------ DATA IN THIS EXERCISE ------
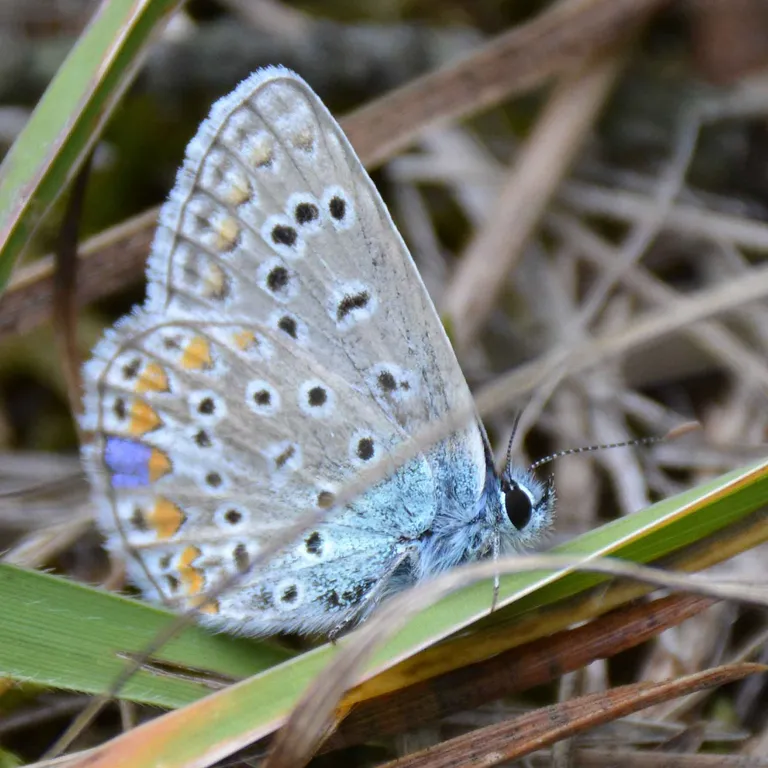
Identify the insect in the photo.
Polyommatus icarus
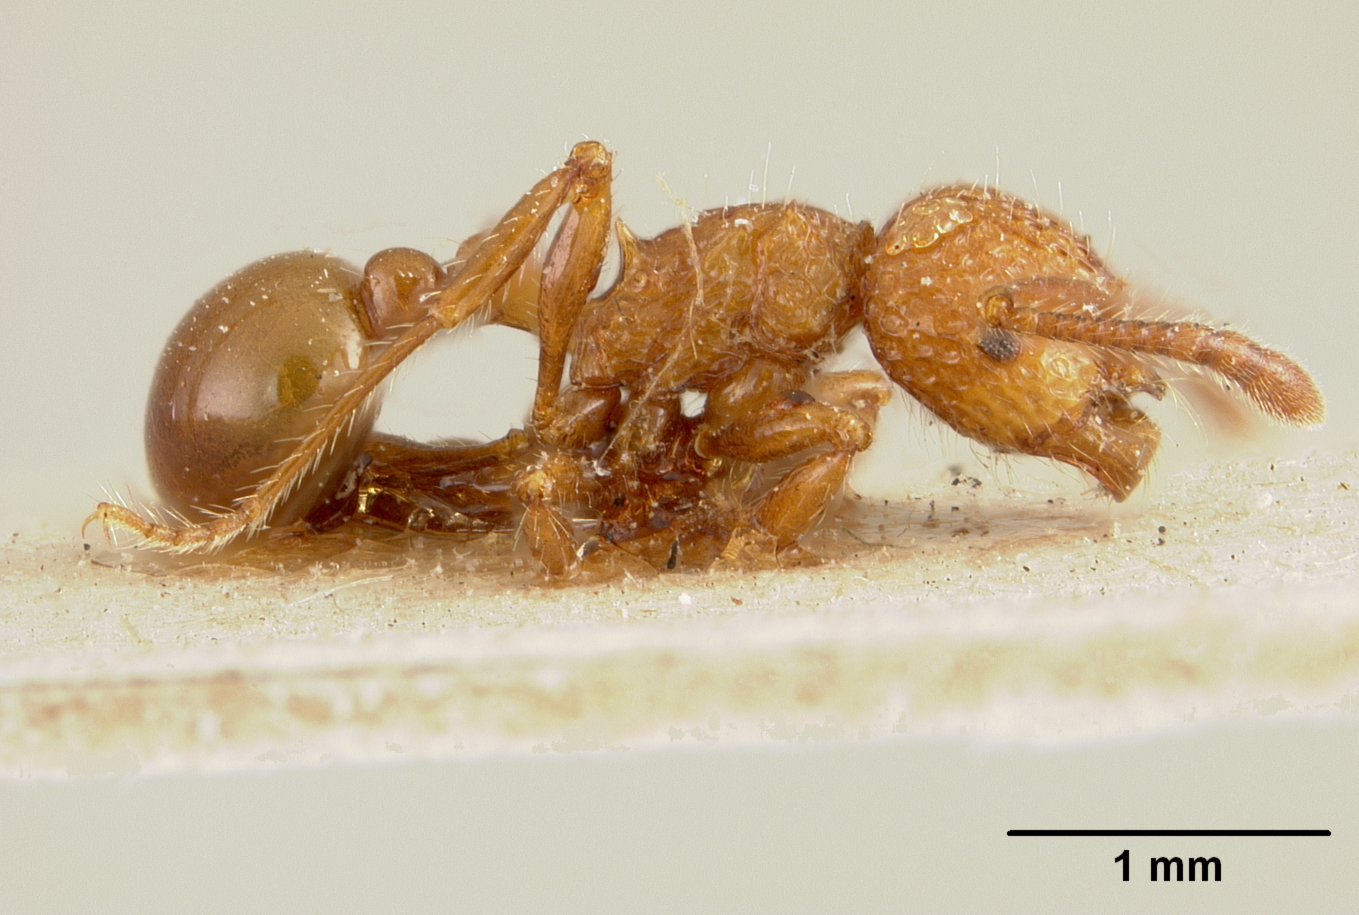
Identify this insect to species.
Pristomyrmex brevispinosus
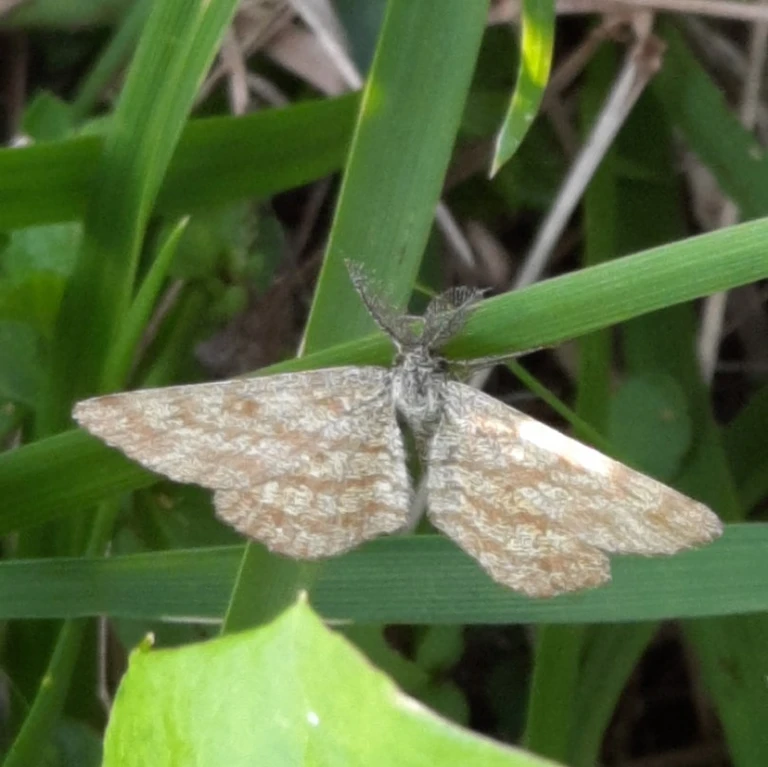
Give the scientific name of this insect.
Ematurga atomaria
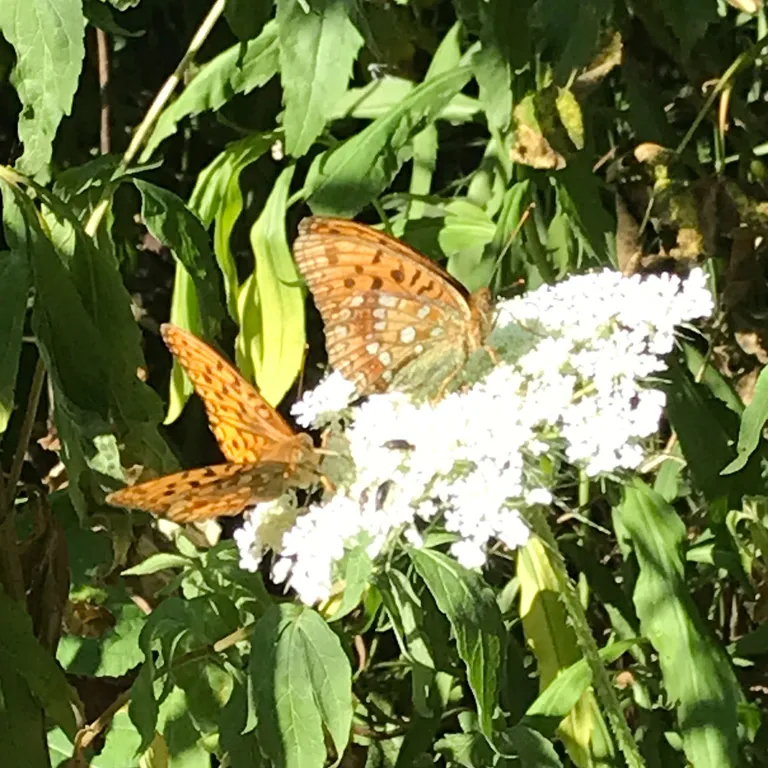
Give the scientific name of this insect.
Fabriciana adippe
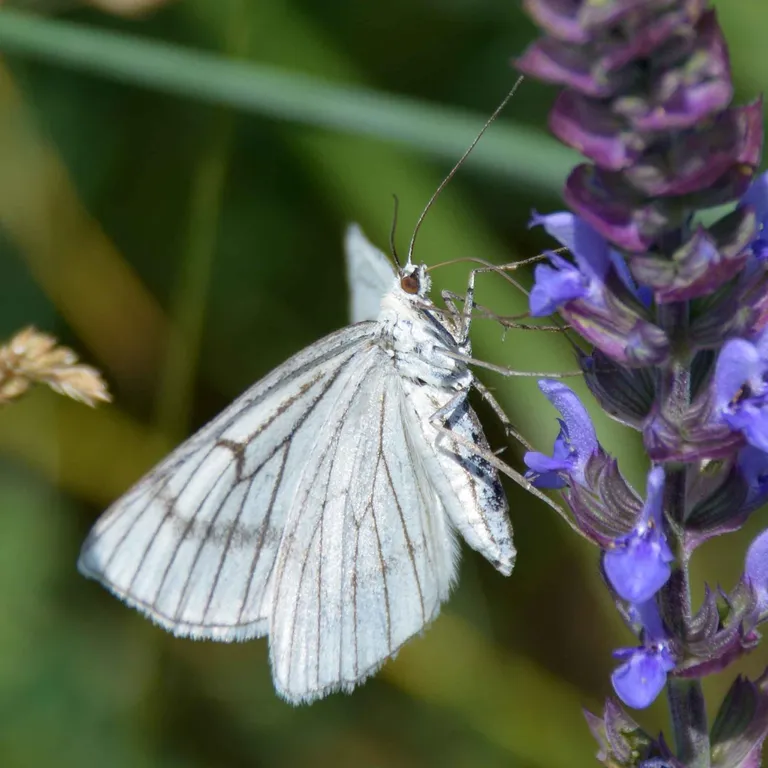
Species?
Siona lineata
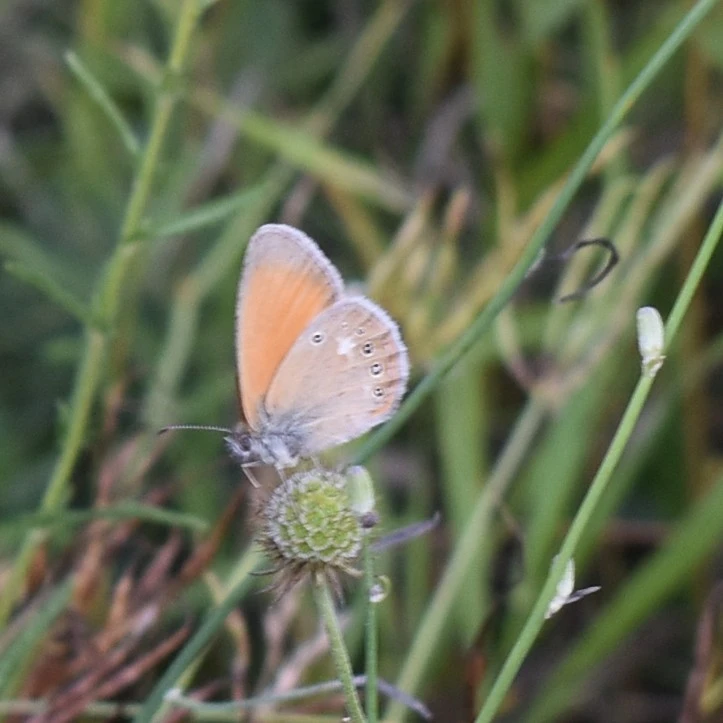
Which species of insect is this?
Coenonympha glycerion (also Coenonympha iphis)
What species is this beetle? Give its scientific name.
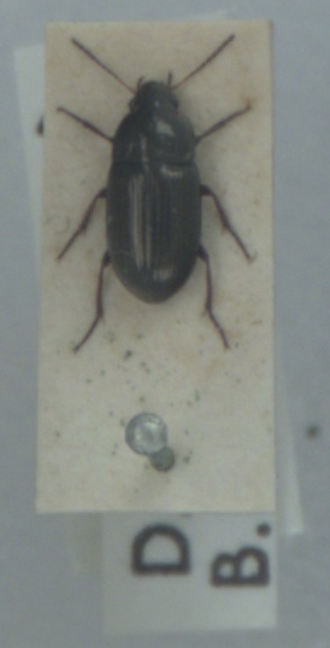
Amara tibialis
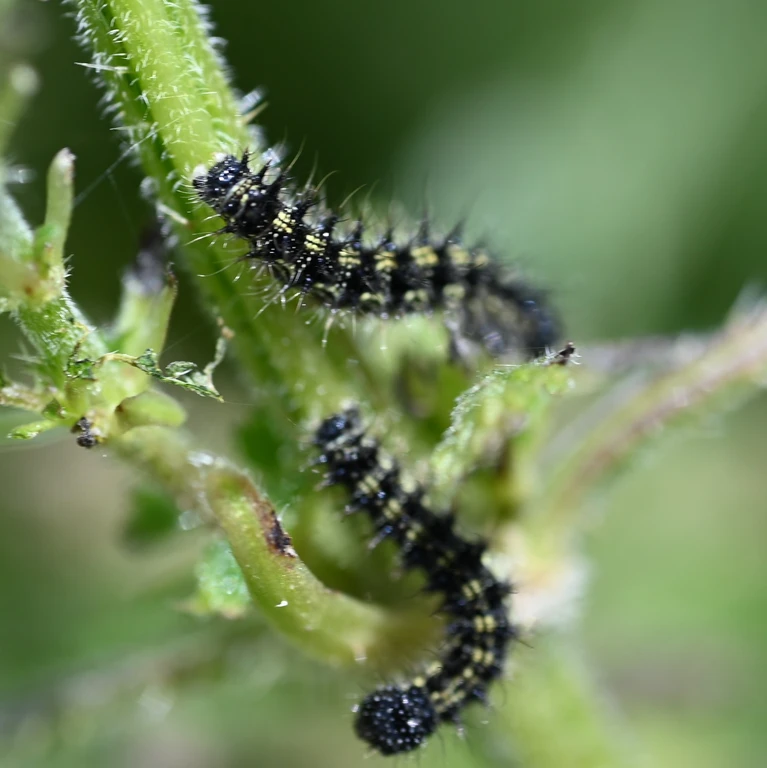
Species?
Aglais urticae
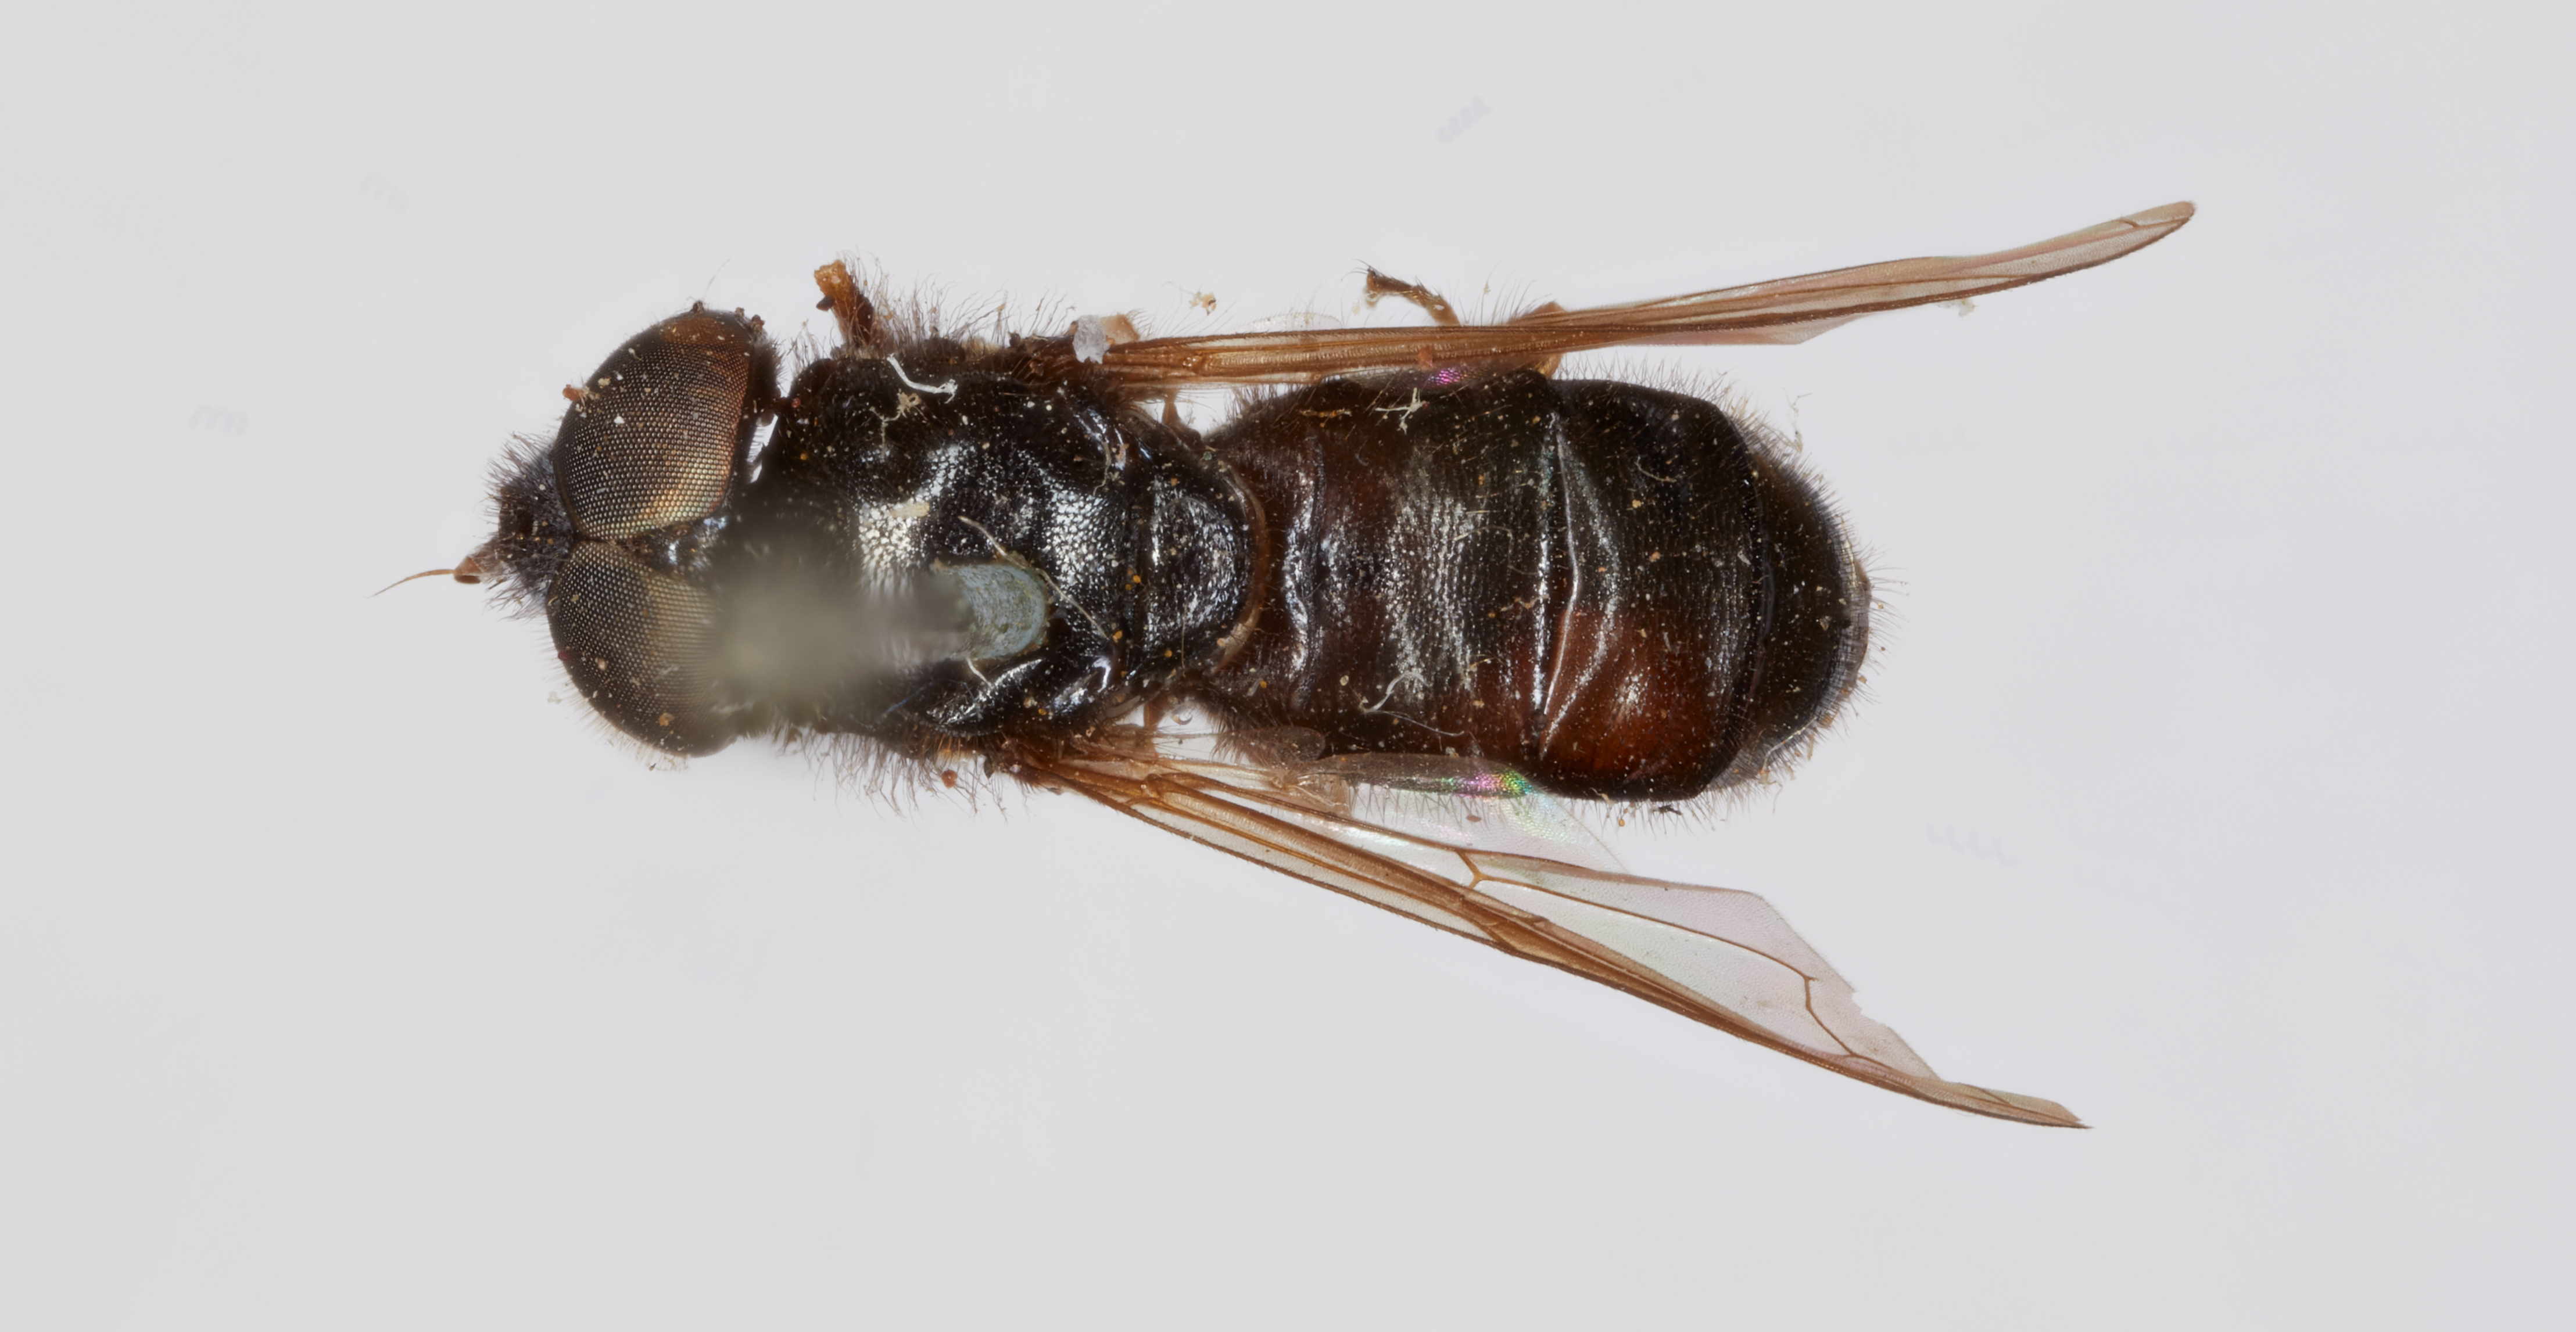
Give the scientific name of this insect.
Pipiza nigripilosa
------
WHAT IS EXPECTED –
Write out, exactly and with nothing added, every line from the one that holds "Identify this insect to species." to the end of the entries above; pictures stay out.

OUTPUT BELOW –
Identify this insect to species.
Pristomyrmex brevispinosus
Give the scientific name of this insect.
Ematurga atomaria
Give the scientific name of this insect.
Fabriciana adippe
Species?
Siona lineata
Which species of insect is this?
Coenonympha glycerion (also Coenonympha iphis)
What species is this beetle? Give its scientific name.
Amara tibialis
Species?
Aglais urticae
Give the scientific name of this insect.
Pipiza nigripilosa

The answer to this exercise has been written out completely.